Greek-Belgian singer

Katerine Avgoustakis (Greek: Κατερίνα Αυγουστάκη; born 16 September 1983) is a Greek-Belgian singer. She was the winner of the 2005 Star Academy show.

==Early life==
Avgoustakis was born in Maasmechelen, Belgium to a Greek father and a Flemish mother, who died in 2005, at 54 years old, after a long struggle with liver cancer. She plays the piano and used to be in a choir.

==Career==
===2002–2006: Indiana, Star Academy and Katerine===
Avgoustakis made her singing debut as a member of the band Indiana in 2002, with whom she participated in the national final to represent Belgium in the Eurovision Song Contest 2002 with the song "Imitation Love". Indiana failed to make it through the selection's semi-final round.

After leaving Indiana, she entered Star Academy in Flanders in 2005. She won the contest and a record contract with Universal Music Belgium. Avgoustakis's debut single "New Day", released in July 2005 in Belgium, peaked at #2 in the Belgian UltraTop 50 chart. "New Day" was written and produced by Regi Penxten & Filip Vandueren, the team behind Milk Inc. Three months later, she received the TMF Flanders award for Best New National Artist for the song. Also the song was certified gold in Belgium. Her self-named debut album, Katerine, was released on 14 November 2005 in Belgium. The album is to be released in May in the Netherlands. Due to the death of her mother, her second single, Here Come All the Boys, was delayed to be released in October 2005. This is the first single she also released in the Netherlands, that peaked at #89 in the Dutch Mega Singles Top 100. The song is also featured on the hits compilation HitBox, which was released on 13 March 2006, containing hits like Ricky Martin's "I Don't Care", Rihanna's "If It's Lovin' That You Want" and the Michael Jackson cover "Say Say Say (Waiting 4 U)" by Hi_Tack.
In 2006, Avgoustakis was nominated for 3 TMF Awards: Best pop music national, best female artist national and best music video national. She won best pop music and best female artist, the award best musicvideo national was going to Nailpin, a Belgium rock band.

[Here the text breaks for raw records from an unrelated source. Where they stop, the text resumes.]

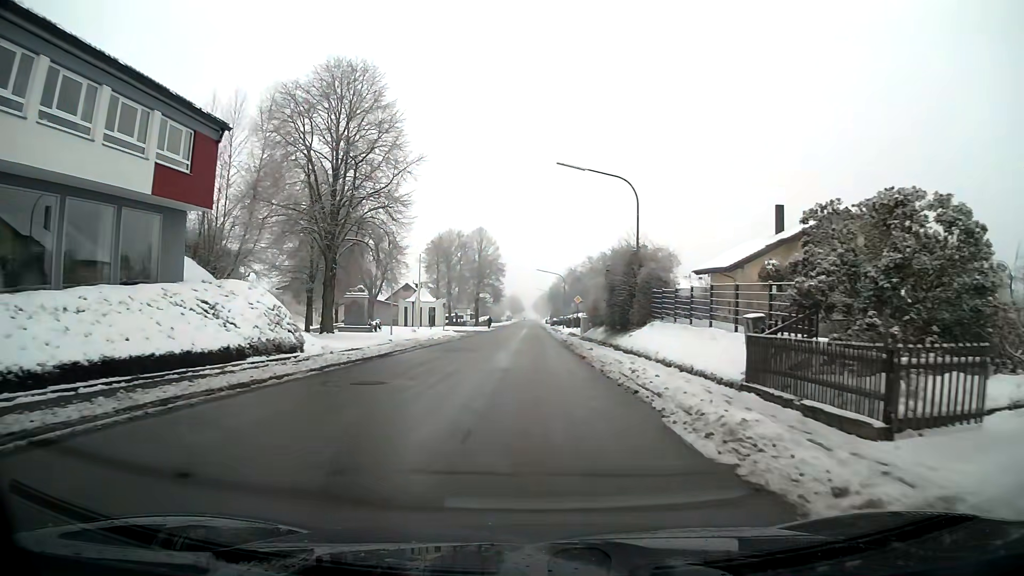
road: primary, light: Day
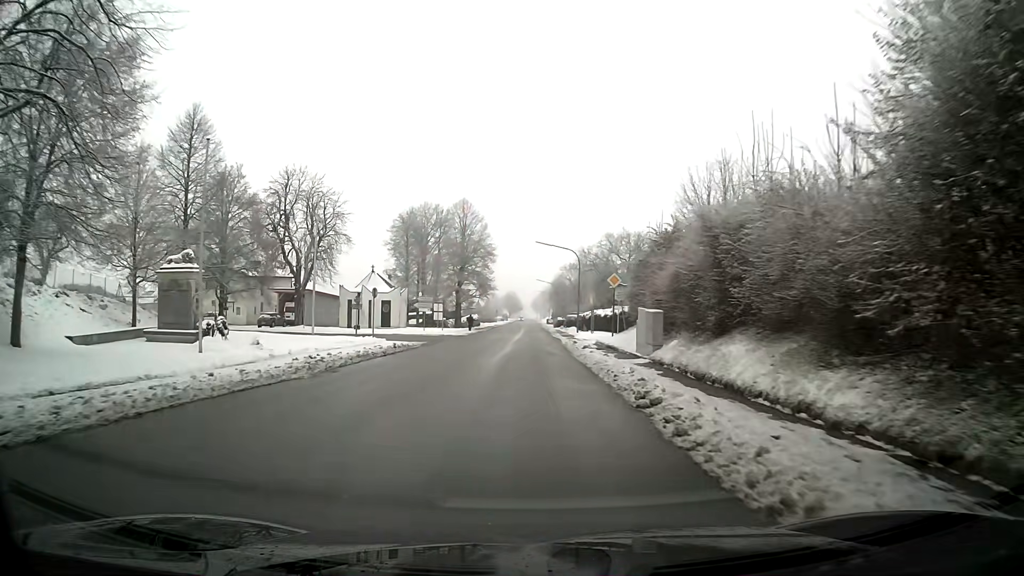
(0.0, +29.7) m; 0°
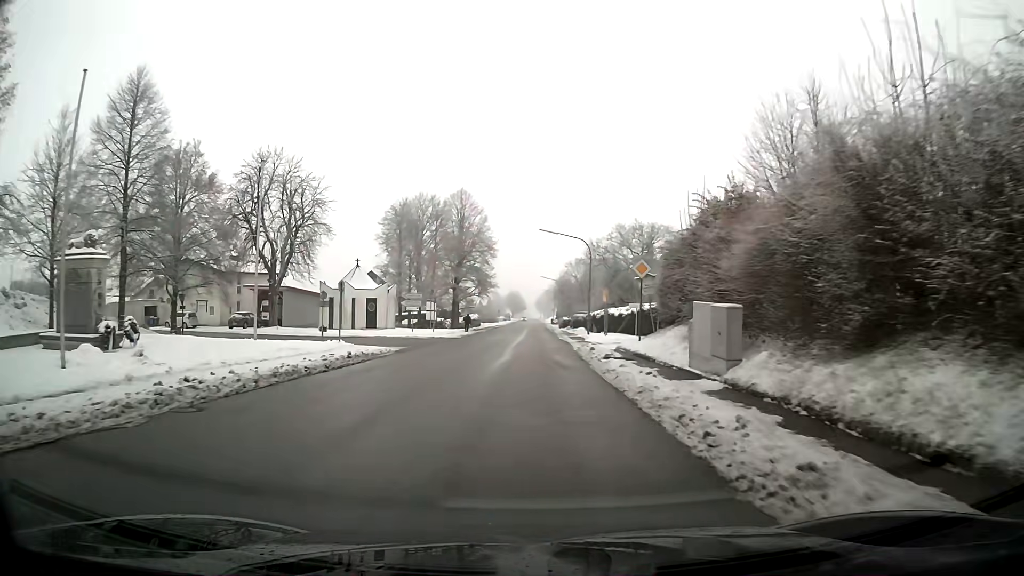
(0.0, +7.6) m; 0°
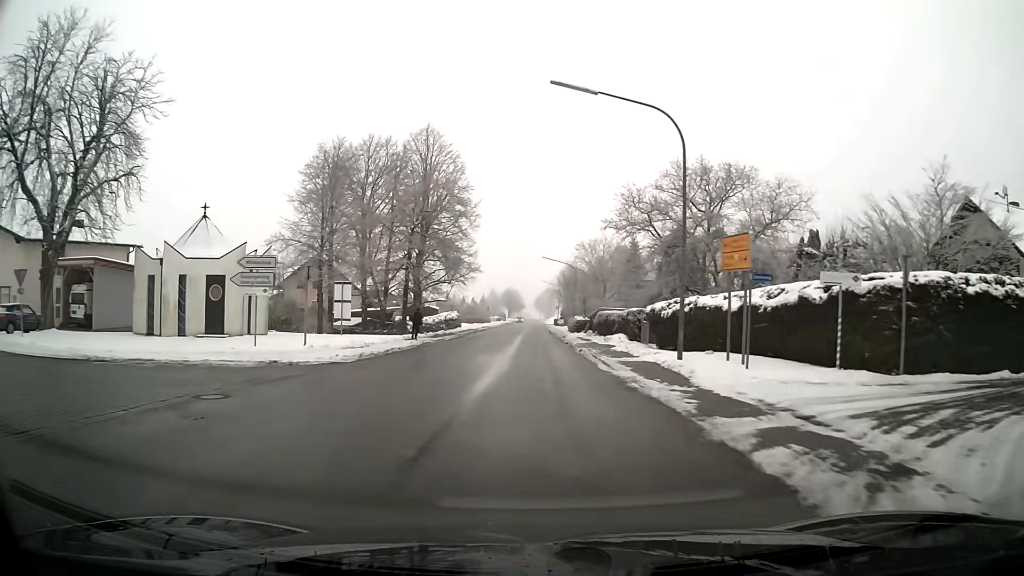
(-0.1, +30.7) m; 0°
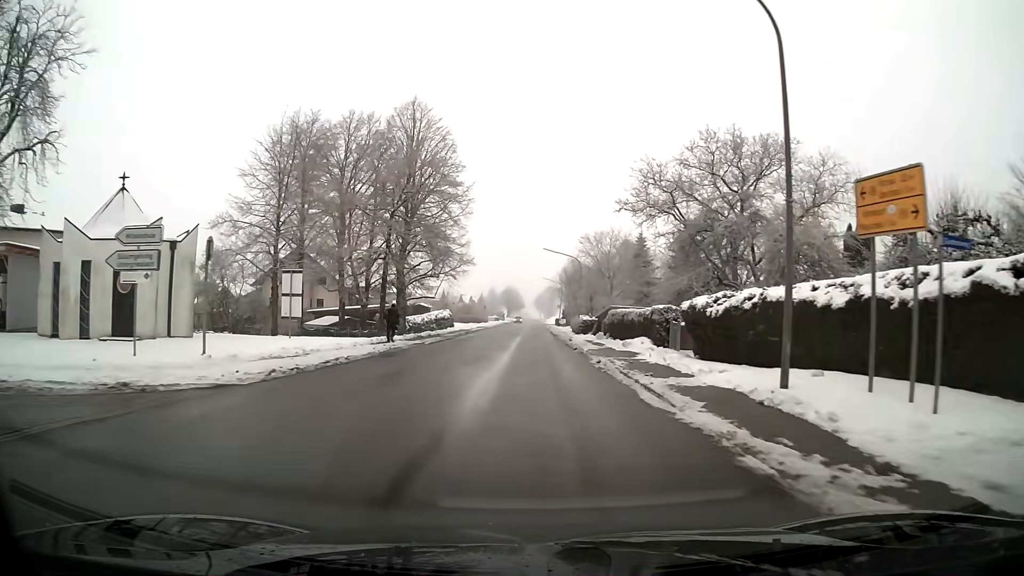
(0.0, +7.8) m; 0°
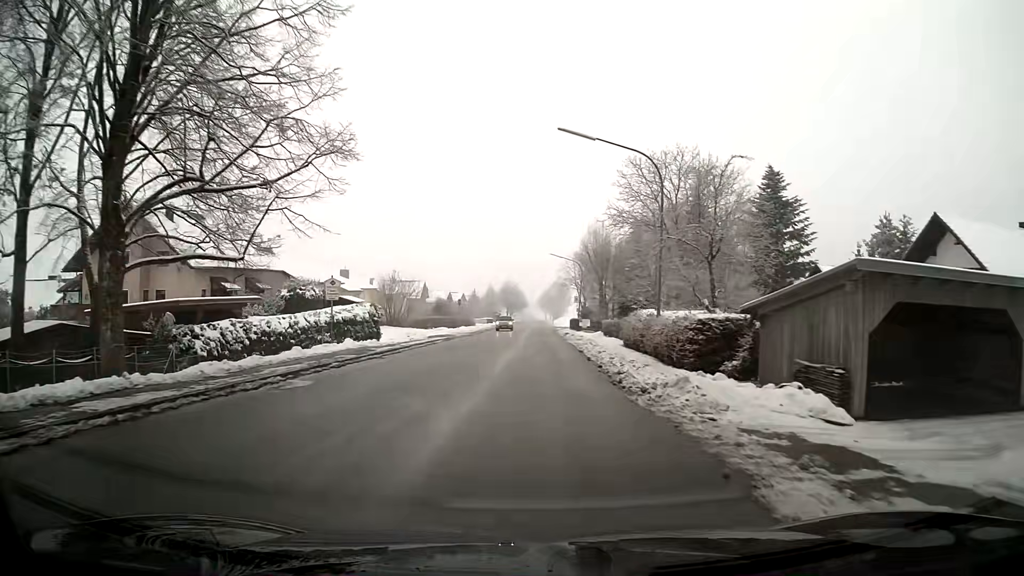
(-0.1, +39.4) m; -1°
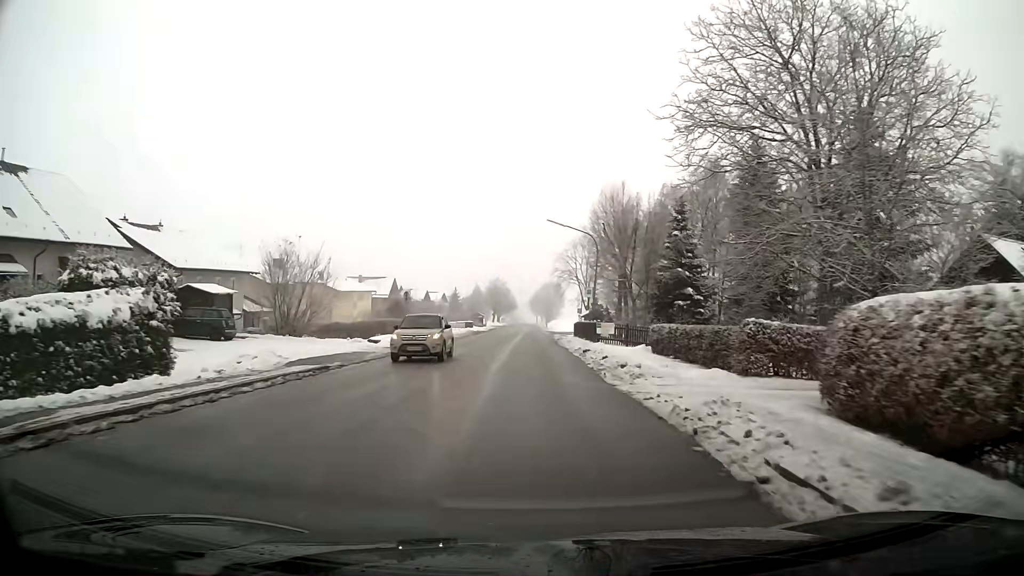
(+0.1, +24.1) m; 0°
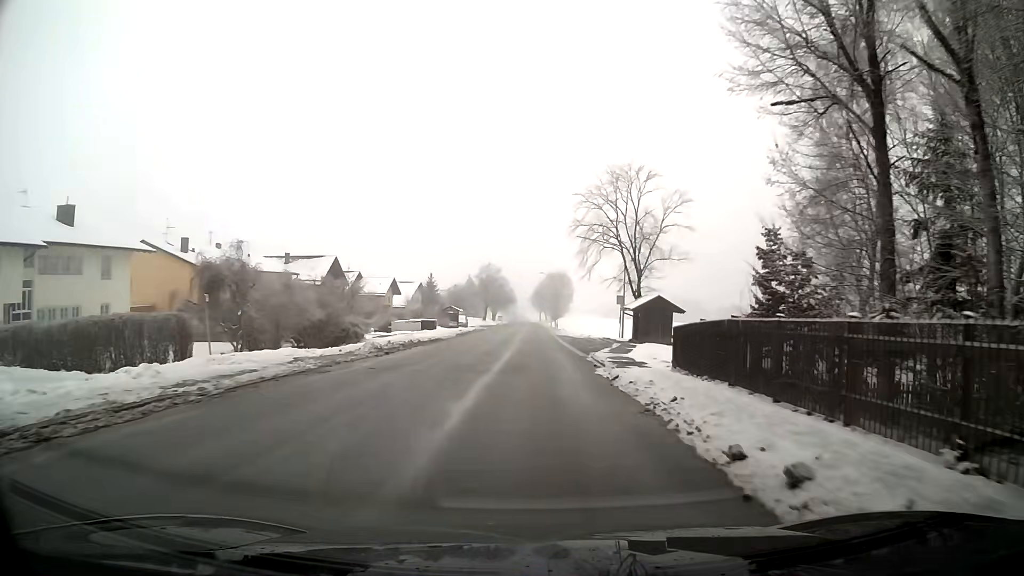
(0.0, +40.8) m; 0°

Avgoustakis also won the first Belgian pre-selection for Eurosong 2006 on 8 January 2006 with the song "Watch Me Move".

The third single from her album Katerine, "Take Me Home", was released on 4 April 2006 in Belgium, with "Watch Me Move" as B-side. The next single "Catfight" was a quick follow-up and both "Take Me Home" and "Catfight" had very strong videos.

===2007-present: New album and label===
In 2007, Avgoustakis was asked for the Belgian TV program Sterren op het Ijs (a Belgian version of Stars on Ice), an opportunity she accepted. She even made it to the final, but came in second. Dean Delannoit, was the winner of Idool 2007 that year.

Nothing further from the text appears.